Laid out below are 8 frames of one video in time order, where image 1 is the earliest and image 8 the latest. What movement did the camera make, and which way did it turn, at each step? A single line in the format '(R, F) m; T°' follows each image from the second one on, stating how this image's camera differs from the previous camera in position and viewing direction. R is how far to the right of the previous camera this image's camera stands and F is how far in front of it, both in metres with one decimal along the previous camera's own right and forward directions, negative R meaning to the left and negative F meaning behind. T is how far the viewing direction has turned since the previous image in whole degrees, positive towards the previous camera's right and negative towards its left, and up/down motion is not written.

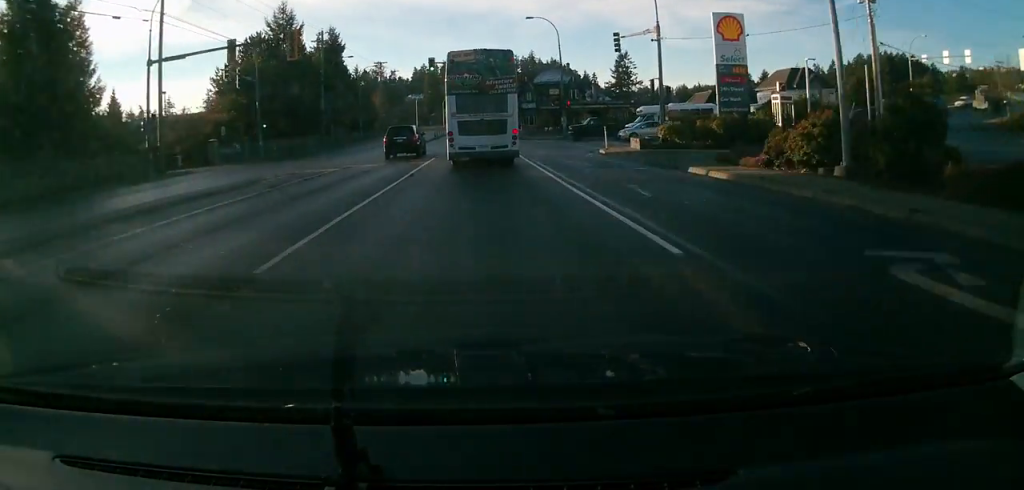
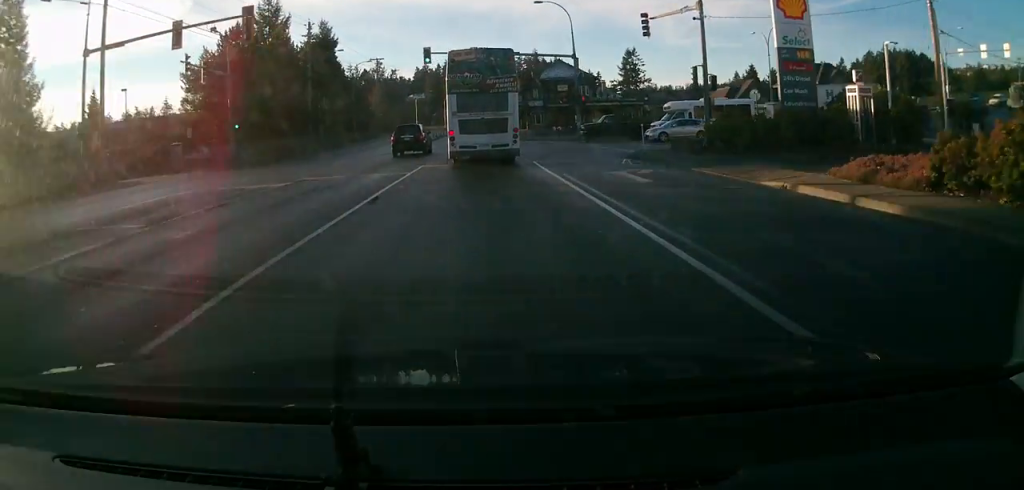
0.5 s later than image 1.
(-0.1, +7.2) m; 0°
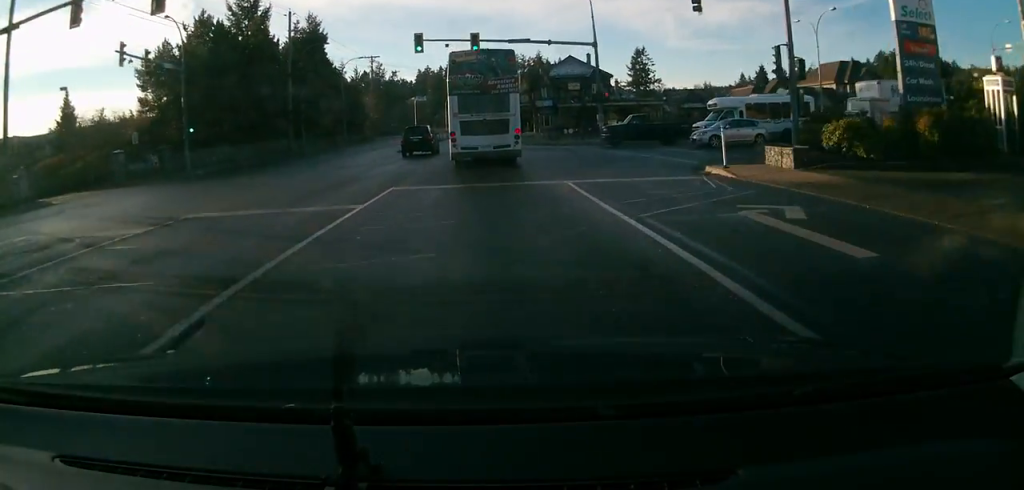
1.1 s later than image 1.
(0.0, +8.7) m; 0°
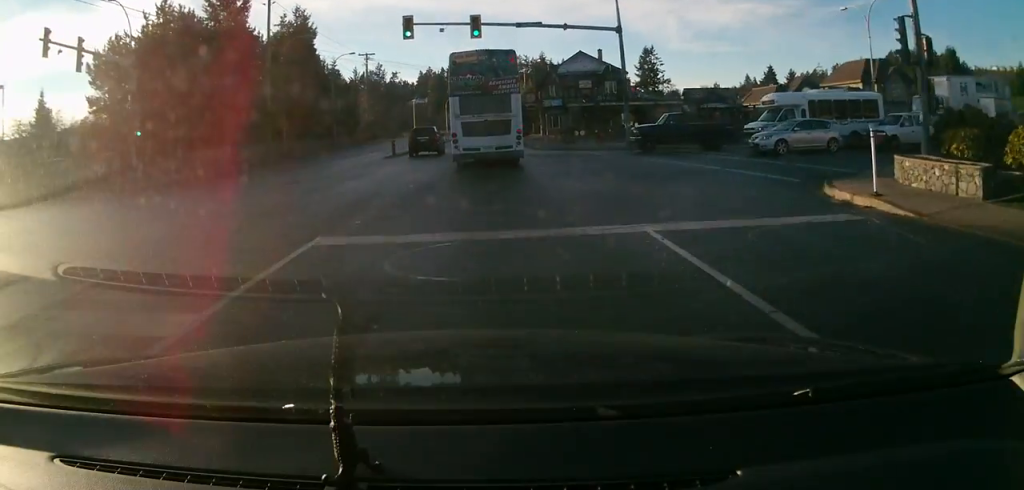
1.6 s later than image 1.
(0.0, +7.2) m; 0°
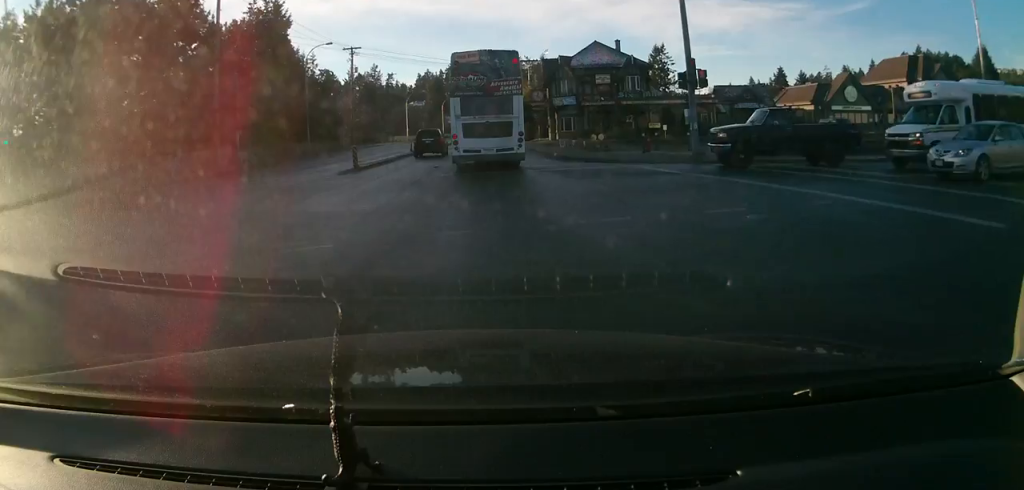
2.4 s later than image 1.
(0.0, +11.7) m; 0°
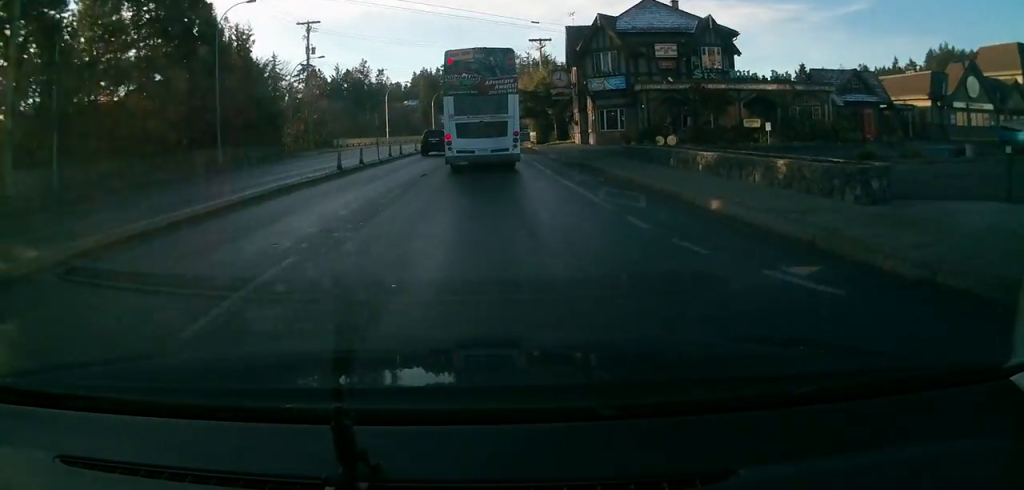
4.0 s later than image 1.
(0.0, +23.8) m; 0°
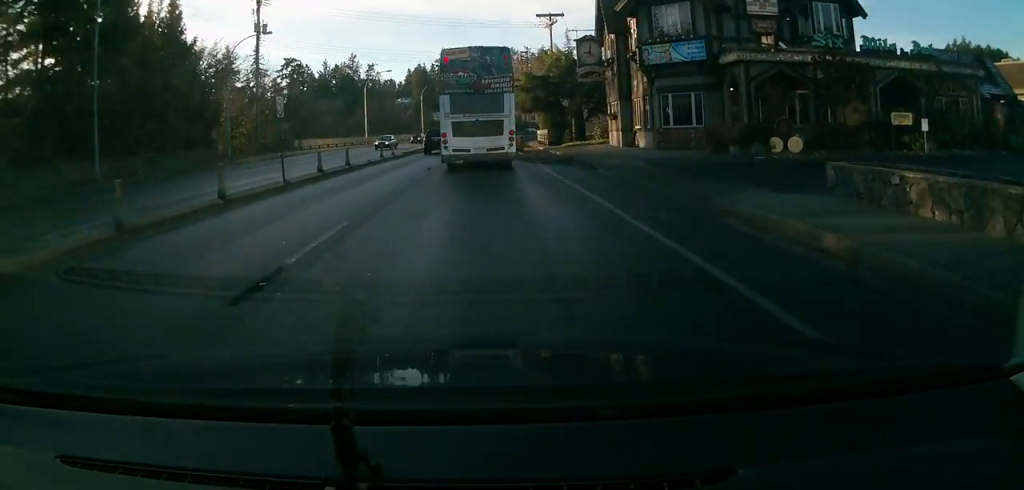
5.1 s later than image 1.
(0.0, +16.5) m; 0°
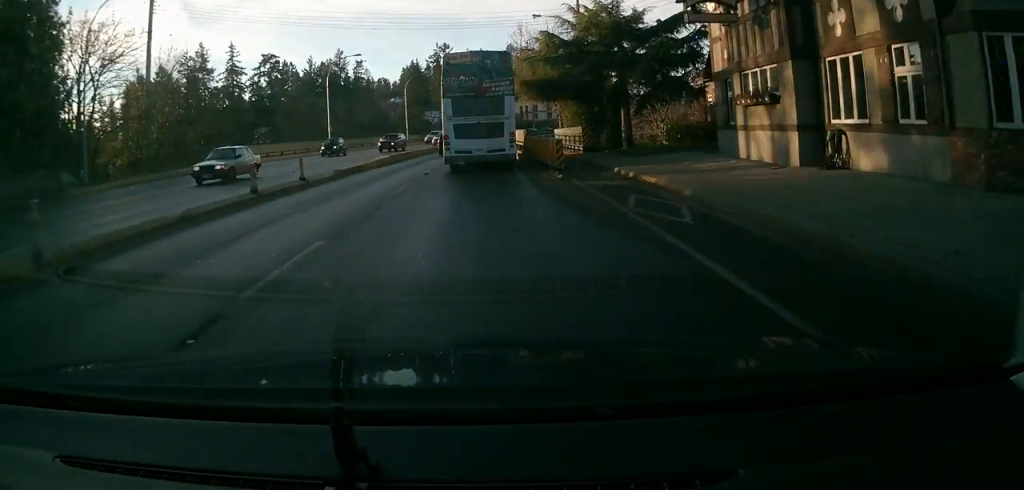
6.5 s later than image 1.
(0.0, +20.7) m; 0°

#####

WHAT YOU HAVE TO DO:
Without changing a single word, set down all of the material again and leave out its pictures.

EXERCISE SOLUTION:
Laid out below are 8 frames of one video in time order, where image 1 is the earliest and image 8 the latest. What movement did the camera make, and which way did it turn, at each step? A single line in the format '(R, F) m; T°' follows each image from the second one on, stating how this image's camera differs from the previous camera in position and viewing direction. R is how far to the right of the previous camera this image's camera stands and F is how far in front of it, both in metres with one decimal along the previous camera's own right and forward directions, negative R meaning to the left and negative F meaning behind. T is how far the viewing direction has turned since the previous image in whole degrees, positive towards the previous camera's right and negative towards its left, and up/down motion is not written.

0.5 s later than image 1.
(-0.1, +7.2) m; 0°
1.1 s later than image 1.
(0.0, +8.7) m; 0°
1.6 s later than image 1.
(0.0, +7.2) m; 0°
2.4 s later than image 1.
(0.0, +11.7) m; 0°
4.0 s later than image 1.
(0.0, +23.8) m; 0°
5.1 s later than image 1.
(0.0, +16.5) m; 0°
6.5 s later than image 1.
(0.0, +20.7) m; 0°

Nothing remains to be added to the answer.